The authors monitored the intracellular calcium levels of GPR88-expressing RGCs after injury and found that the baseline intracellular calcium level of each cell predicted its survival post-injury. GPR88-expressing RGCs with high baseline calcium levels were approximately 3-times more likely to survive injury than GPR88-expressing RGCs with lower intracellular calcium levels. When Hall and colleagues analyzed the structure of the surviving GPR88-expressing RGCs, they discovered that nearly half of the putative ONdsRGCs survived injury and were the most resilient GPR88-expressing RGCs.
Evaluating the potential of putative treatment strategies
Despite the ability of the ONdsRGCs to survive well following injury, Hall and colleagues found that these RGCs did not display enhanced regeneration—or cellular healing—following injury. Instead, they found that the ONdsRGCs retracted some branches of their cellular structure. Even when they applied treatments that have previously triggered limited regeneration in RGCs, the authors found that the ONdsRGCs—and other GPR88-expressing RGCs—did not demonstrate enhanced regeneration compared to other RGCs.

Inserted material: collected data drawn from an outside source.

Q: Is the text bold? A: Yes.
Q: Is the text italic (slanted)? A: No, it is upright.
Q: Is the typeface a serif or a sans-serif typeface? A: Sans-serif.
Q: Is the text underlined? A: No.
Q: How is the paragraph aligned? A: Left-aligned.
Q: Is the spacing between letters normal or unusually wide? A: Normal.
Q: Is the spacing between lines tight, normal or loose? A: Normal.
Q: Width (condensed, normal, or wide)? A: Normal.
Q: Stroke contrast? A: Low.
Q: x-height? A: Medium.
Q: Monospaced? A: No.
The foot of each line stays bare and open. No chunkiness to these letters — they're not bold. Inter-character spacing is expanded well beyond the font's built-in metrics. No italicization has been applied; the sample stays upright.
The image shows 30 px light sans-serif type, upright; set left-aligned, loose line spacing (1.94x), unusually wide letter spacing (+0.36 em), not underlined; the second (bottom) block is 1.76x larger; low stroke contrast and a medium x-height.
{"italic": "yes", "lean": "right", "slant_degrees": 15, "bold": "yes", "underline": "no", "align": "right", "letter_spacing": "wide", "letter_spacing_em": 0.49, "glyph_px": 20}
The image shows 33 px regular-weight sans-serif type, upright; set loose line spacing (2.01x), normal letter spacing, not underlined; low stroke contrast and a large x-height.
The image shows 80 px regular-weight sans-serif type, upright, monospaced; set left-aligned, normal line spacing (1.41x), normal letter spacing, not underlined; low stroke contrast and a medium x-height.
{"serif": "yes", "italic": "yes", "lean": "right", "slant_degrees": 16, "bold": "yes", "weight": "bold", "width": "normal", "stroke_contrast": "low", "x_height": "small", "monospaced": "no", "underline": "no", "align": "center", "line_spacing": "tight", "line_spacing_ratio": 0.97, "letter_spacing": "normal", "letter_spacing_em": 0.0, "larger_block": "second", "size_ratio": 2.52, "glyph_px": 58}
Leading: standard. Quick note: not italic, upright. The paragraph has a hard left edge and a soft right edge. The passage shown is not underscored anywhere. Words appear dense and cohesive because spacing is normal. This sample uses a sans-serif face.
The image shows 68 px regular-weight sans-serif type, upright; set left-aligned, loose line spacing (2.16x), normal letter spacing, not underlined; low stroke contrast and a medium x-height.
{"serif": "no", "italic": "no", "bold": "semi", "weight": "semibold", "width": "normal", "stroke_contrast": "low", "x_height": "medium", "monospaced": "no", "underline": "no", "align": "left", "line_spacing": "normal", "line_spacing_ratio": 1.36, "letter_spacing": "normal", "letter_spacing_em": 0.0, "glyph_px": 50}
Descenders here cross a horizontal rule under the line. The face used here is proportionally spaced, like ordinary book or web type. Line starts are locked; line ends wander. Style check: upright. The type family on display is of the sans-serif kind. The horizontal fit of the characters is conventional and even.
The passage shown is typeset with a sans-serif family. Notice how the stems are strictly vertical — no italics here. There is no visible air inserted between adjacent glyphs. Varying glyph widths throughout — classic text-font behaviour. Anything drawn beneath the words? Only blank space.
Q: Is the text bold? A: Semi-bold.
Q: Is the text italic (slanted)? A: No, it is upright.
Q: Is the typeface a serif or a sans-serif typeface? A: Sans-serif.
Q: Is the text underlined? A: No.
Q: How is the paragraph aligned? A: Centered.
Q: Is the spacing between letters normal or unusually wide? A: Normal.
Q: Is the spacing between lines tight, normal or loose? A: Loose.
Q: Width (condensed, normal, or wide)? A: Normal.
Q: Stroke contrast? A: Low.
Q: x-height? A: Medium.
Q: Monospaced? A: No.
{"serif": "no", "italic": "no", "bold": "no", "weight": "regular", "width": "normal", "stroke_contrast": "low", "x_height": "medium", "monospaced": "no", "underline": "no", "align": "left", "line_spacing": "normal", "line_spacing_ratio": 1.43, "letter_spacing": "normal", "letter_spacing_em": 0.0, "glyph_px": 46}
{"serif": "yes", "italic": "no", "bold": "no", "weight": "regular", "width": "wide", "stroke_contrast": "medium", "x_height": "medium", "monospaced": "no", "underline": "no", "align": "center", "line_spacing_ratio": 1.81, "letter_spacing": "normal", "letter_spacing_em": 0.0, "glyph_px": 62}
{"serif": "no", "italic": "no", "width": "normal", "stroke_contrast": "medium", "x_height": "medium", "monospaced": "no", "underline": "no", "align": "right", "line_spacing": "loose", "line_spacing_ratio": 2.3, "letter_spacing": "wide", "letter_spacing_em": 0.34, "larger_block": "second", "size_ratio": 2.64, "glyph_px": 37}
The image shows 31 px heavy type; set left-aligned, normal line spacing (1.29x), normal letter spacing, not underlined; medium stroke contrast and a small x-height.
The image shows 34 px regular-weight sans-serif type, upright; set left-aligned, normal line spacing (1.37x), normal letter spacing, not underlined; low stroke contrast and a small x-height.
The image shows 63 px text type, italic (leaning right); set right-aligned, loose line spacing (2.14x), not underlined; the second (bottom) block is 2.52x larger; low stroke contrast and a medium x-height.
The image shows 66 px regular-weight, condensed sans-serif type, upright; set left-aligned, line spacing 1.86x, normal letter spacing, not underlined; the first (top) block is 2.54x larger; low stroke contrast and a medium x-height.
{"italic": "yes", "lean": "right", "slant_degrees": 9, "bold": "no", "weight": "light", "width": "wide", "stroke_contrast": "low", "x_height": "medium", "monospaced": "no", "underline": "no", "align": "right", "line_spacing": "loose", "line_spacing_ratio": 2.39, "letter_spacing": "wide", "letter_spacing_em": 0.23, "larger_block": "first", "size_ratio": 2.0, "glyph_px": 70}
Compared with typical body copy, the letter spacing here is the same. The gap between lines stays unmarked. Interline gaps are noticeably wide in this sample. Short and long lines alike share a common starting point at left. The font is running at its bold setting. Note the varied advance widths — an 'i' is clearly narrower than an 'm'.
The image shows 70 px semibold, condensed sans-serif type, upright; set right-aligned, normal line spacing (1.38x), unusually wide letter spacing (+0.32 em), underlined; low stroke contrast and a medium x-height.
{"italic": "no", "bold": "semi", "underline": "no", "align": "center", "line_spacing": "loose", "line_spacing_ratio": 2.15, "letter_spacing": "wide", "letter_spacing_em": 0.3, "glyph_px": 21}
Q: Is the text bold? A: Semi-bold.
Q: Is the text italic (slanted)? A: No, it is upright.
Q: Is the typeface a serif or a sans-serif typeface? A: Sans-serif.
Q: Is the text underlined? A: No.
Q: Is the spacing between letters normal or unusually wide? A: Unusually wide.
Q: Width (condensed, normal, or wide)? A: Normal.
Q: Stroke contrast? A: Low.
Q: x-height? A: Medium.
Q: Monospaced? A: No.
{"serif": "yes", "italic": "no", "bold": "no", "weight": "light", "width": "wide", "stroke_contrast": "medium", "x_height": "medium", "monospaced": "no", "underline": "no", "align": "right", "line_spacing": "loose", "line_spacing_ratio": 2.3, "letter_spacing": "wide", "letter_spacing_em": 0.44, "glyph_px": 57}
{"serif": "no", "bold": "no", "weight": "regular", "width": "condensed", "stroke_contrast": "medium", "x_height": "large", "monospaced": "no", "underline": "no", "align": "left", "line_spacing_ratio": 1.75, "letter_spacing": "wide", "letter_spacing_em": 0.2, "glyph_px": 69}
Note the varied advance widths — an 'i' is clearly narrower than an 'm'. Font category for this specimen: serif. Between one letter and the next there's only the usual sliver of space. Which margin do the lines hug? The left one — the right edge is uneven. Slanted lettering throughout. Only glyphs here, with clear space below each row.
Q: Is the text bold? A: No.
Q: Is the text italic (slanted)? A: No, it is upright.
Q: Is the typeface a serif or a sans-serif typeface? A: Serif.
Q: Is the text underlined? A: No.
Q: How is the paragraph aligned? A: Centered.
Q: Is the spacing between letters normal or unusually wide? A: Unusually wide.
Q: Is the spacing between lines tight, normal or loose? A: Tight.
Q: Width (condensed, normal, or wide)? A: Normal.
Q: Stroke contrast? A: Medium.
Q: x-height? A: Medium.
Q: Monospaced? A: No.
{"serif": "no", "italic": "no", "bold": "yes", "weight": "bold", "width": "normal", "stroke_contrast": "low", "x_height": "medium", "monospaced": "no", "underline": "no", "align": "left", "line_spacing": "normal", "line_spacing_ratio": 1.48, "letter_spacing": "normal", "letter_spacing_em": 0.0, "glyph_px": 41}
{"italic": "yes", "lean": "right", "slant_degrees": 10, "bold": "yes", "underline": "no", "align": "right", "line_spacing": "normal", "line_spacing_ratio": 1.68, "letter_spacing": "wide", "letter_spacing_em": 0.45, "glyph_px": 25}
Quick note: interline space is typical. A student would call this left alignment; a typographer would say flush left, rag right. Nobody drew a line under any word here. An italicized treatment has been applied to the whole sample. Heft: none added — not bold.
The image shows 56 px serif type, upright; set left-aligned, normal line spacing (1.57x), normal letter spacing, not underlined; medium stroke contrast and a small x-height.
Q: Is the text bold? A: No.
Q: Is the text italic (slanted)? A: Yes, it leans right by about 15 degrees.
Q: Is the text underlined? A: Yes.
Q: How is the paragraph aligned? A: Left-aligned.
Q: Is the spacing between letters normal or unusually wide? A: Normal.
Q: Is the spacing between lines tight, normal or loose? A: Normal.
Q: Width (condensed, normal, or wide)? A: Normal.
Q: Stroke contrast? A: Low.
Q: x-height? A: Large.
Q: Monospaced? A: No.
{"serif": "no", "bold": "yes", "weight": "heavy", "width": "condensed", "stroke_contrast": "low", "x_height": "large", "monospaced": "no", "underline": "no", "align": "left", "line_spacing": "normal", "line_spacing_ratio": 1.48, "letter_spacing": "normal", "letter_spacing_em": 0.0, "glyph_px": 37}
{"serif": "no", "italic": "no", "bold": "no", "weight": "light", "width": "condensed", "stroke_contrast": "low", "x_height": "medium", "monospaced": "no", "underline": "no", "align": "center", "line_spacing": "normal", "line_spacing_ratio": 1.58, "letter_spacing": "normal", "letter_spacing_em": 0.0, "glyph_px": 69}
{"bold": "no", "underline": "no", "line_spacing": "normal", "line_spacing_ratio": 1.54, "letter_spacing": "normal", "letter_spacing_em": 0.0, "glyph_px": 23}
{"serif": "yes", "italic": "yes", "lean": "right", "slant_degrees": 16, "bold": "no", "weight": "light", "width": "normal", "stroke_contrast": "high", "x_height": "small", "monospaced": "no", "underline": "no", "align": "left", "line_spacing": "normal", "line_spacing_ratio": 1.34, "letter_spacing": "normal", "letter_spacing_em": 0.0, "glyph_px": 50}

Hall and colleagues instead tested whether compounds that act on GPR88 might protect RGCs from injury-induced cellular damage. They administered these compounds before inducing an injury to the optic nerve and measured the number of RGCs that survived and the density of the optic nerve 2 weeks after injury. The authors could not detect a difference in either metric, suggesting that either GPR88 does not contribute to cell survival, or more than the 5 RGC types identified would require GPR88 expression for a drug to yield a noticeable effect.
Despite these challenges, this study provides valuable insights into how different RGC types respond to injury. Having confirmed the identity of the well-surviving ONdsRGC, Hall and colleagues open the door for researchers to identify novel features of the ONdsRGC that might promote cellular resilience and be used to explore therapeutic opportunities.